WHAT THIS TASK INVOLVES:
Leave the pictures out and repeat the rest of the data below exactly.

INPUT FOR THIS TASK:
::::::
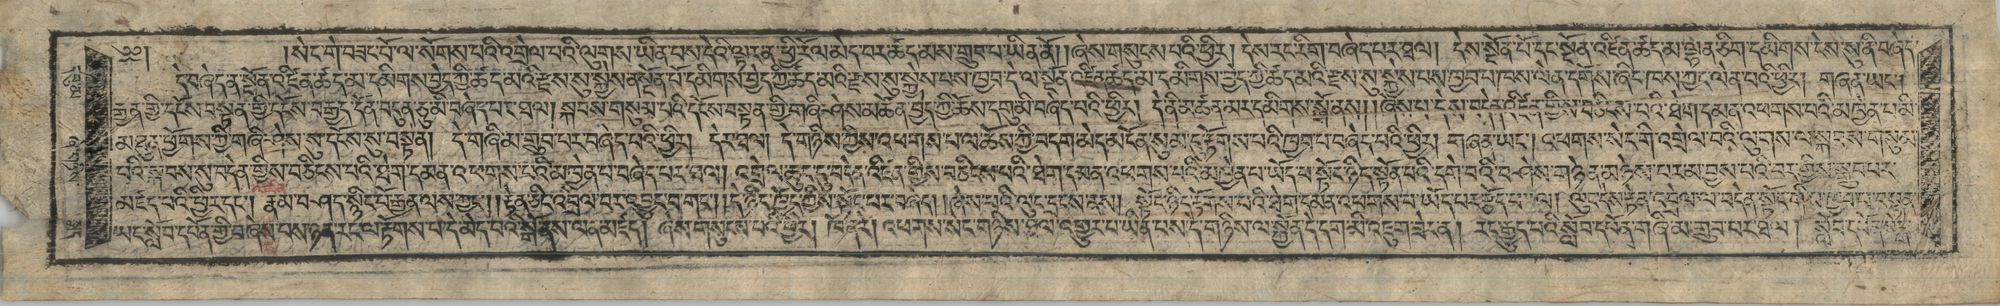༄༅། །སེང་གེ་བཟང་པོ་ལ་སོགས་པའི་འགྲེལ་བའི་ལུགས་ཡིན་པས་དེའི་ལྟར་ན་ཕྱི་རོལ་མེད་པར་ཚད་མས་གྲུབ་པ་ཡིན་ནོ། །ཞེས་གསུངས་པའི་ཕྱིར། དེས་རང་རིག་བཞེད་པར་ཐལ། དེས་སྔོན་པོ་དང་སྔོན་འཛིན་ཚད་མ་ལྷན་ཅིག་དམིགས་ངེས་སུ་ནི་བཞེད་
དེ་བཞེད་ན་སྔོན་འཛིན་ཚད་མ་དམིགས་བྱེད་ཀྱི་ཚད་མའི་རྫས་སུ་སྐྱེས་ན་སྔོན་པོ་དམིགས་བྱེད་ཀྱི་ཚད་མའི་རྫས་སུ་སྐྱེས་པས་ཁྱབ་དེ་ལ་སྔོན་འཛིན་ཚད་མ་དམིགས་བྱེད་ཀྱི་ཚད་མའི་རྫས་སུ་སྐྱེས་པས་ཁྱབ་པ་ཁས་ལེན་དགོས་ཞིང་ཁས་ཀྱང་ལེན་པའི་ཕྱིར། གཞན་ཡང་།
རྒྱན་གྱི་དངོས་བསྟན་གྱི་དངོས་བརྒྱད་དོན་བདུན་ཅུ་མི་བཞེད་པར་ཐལ། སྐབས་གསུམ་པའི་དངོས་བསྟན་གྱི་གཞི་ཤེས་མཚོན་བྱེད་ཀྱི་ཆོས་དགུ་མི་བཞེད་པའི་ཕྱིར། དེ་ནི་མཚན་མར་དམིགས་སྒོ་ནས། །ཞེས་པ་དེས་བདེན་འཛིན་གྱིས་བཅིངས་པའི་ཐེག་དམན་འཕགས་པའི་མཁྱེན་པ་མི་
མཐུན་ཕྱོགས་ཀྱི་གཞི་ཤེས་སུ་དངོས་སུ་བསྟན། དེ་གཞི་མ་གྲུབ་པར་བཞེད་པའི་ཕྱིར། དེར་ཐལ། དེ་གཉིས་ཀྱིས་འཕགས་པ་ལ་ཆོས་ཀྱི་བདག་མེད་མངོན་སུམ་དུ་རྟོགས་པའི་ཁྱབ་པ་བཞེད་པའི་ཕྱིར། གཞན་ཡང་། འཕགས་སེང་གི་འགྲེལ་བའི་ལུགས་ལ་སྐབས་གསུམ་
པའི་སྐབས་སུ་བདེན་གྱིས་བཅིངས་པའི་ཐེག་དམན་འཕགས་པའི་མཁྱེན་པ་བཞེད་པར་ཐལ། འགྲེལ་ཆུང་ངུ་བདེན་འཛིན་གྱིས་བཅིངས་པའི་ཐེག་དམན་འཕགས་པའི་མཁྱེན་པ་ཡོད་པ་སྟོང་ཉིད་སྟོན་པའི་དགེ་བའི་བཤེས་གཉེན་མཉེས་པར་མ་བྱས་པའི་བར་གྱིས་སྒྲུབ་པར་
མཛད་པའི་ཕྱིར་དང་། རྣམ་བཤད་སྙིང་པོ་རྒྱན་ལས་ཀྱང་། །རྟེན་ཅིང་འབྲེལ་བར་འབྱུང་བ་གང་། །དེ་ཉིད་ཁྱོད་ཀྱིས་སྟོང་པར་བཞེད། །ཞེས་པའི་ལུང་དྲངས་ནས། སྟོང་ཉིད་རྟོགས་པའི་ཐེག་དམན་འཕགས་པ་ཡོད་པར་རྩོད་པ་ལ། ལུང་དེས་རྟེན་འབྲེལ་ལ་བདེན་སྟོང་གིས་ཁྱབ་པ་བསྟན་
ཡང་སློབ་དཔོན་ཀྱི་བཞེད་པས་ཉན་རང་ལ་རྟགས་པ་དེ་མེད་པའི་སྒོ་ནས་ལན་མཛད། ཞེས་གསུངས་པའི་ཕྱིར། ཁོ་ན་རེ། འཕགས་སེང་གཉིས་ཐལ་འགྱུར་པ་ཡིན་པས་དེ་གཉིས་ལ་སྐྱོན་དེ་དག་མི་འཇུག་ཟེར་ན། རང་རྒྱུད་པའི་སློབ་དཔོན་གཞི་མ་གྲུབ་པར་ཐལ། སློབ་དཔོན་སེང་གེ་
::::::
TASK RESPONSE:
༄༅། །སེང་གེ་བཟང་པོ་ལ་སོགས་པའི་འགྲེལ་བའི་ལུགས་ཡིན་པས་དེའི་ལྟར་ན་ཕྱི་རོལ་མེད་པར་ཚད་མས་གྲུབ་པ་ཡིན་ནོ། །ཞེས་གསུངས་པའི་ཕྱིར། དེས་རང་རིག་བཞེད་པར་ཐལ། དེས་སྔོན་པོ་དང་སྔོན་འཛིན་ཚད་མ་ལྷན་ཅིག་དམིགས་ངེས་སུ་ནི་བཞེད་
དེ་བཞེད་ན་སྔོན་འཛིན་ཚད་མ་དམིགས་བྱེད་ཀྱི་ཚད་མའི་རྫས་སུ་སྐྱེས་ན་སྔོན་པོ་དམིགས་བྱེད་ཀྱི་ཚད་མའི་རྫས་སུ་སྐྱེས་པས་ཁྱབ་དེ་ལ་སྔོན་འཛིན་ཚད་མ་དམིགས་བྱེད་ཀྱི་ཚད་མའི་རྫས་སུ་སྐྱེས་པས་ཁྱབ་པ་ཁས་ལེན་དགོས་ཞིང་ཁས་ཀྱང་ལེན་པའི་ཕྱིར། གཞན་ཡང་།
རྒྱན་གྱི་དངོས་བསྟན་གྱི་དངོས་བརྒྱད་དོན་བདུན་ཅུ་མི་བཞེད་པར་ཐལ། སྐབས་གསུམ་པའི་དངོས་བསྟན་གྱི་གཞི་ཤེས་མཚོན་བྱེད་ཀྱི་ཆོས་དགུ་མི་བཞེད་པའི་ཕྱིར། དེ་ནི་མཚན་མར་དམིགས་སྒོ་ནས། །ཞེས་པ་དེས་བདེན་འཛིན་གྱིས་བཅིངས་པའི་ཐེག་དམན་འཕགས་པའི་མཁྱེན་པ་མི་
མཐུན་ཕྱོགས་ཀྱི་གཞི་ཤེས་སུ་དངོས་སུ་བསྟན། དེ་གཞི་མ་གྲུབ་པར་བཞེད་པའི་ཕྱིར། དེར་ཐལ། དེ་གཉིས་ཀྱིས་འཕགས་པ་ལ་ཆོས་ཀྱི་བདག་མེད་མངོན་སུམ་དུ་རྟོགས་པའི་ཁྱབ་པ་བཞེད་པའི་ཕྱིར། གཞན་ཡང་། འཕགས་སེང་གི་འགྲེལ་བའི་ལུགས་ལ་སྐབས་གསུམ་
པའི་སྐབས་སུ་བདེན་གྱིས་བཅིངས་པའི་ཐེག་དམན་འཕགས་པའི་མཁྱེན་པ་བཞེད་པར་ཐལ། འགྲེལ་ཆུང་ངུ་བདེན་འཛིན་གྱིས་བཅིངས་པའི་ཐེག་དམན་འཕགས་པའི་མཁྱེན་པ་ཡོད་པ་སྟོང་ཉིད་སྟོན་པའི་དགེ་བའི་བཤེས་གཉེན་མཉེས་པར་མ་བྱས་པའི་བར་གྱིས་སྒྲུབ་པར་
མཛད་པའི་ཕྱིར་དང་། རྣམ་བཤད་སྙིང་པོ་རྒྱན་ལས་ཀྱང་། །རྟེན་ཅིང་འབྲེལ་བར་འབྱུང་བ་གང་། །དེ་ཉིད་ཁྱོད་ཀྱིས་སྟོང་པར་བཞེད། །ཞེས་པའི་ལུང་དྲངས་ནས། སྟོང་ཉིད་རྟོགས་པའི་ཐེག་དམན་འཕགས་པ་ཡོད་པར་རྩོད་པ་ལ། ལུང་དེས་རྟེན་འབྲེལ་ལ་བདེན་སྟོང་གིས་ཁྱབ་པ་བསྟན་
ཡང་སློབ་དཔོན་ཀྱི་བཞེད་པས་ཉན་རང་ལ་རྟགས་པ་དེ་མེད་པའི་སྒོ་ནས་ལན་མཛད། ཞེས་གསུངས་པའི་ཕྱིར། ཁོ་ན་རེ། འཕགས་སེང་གཉིས་ཐལ་འགྱུར་པ་ཡིན་པས་དེ་གཉིས་ལ་སྐྱོན་དེ་དག་མི་འཇུག་ཟེར་ན། རང་རྒྱུད་པའི་སློབ་དཔོན་གཞི་མ་གྲུབ་པར་ཐལ། སློབ་དཔོན་སེང་གེ་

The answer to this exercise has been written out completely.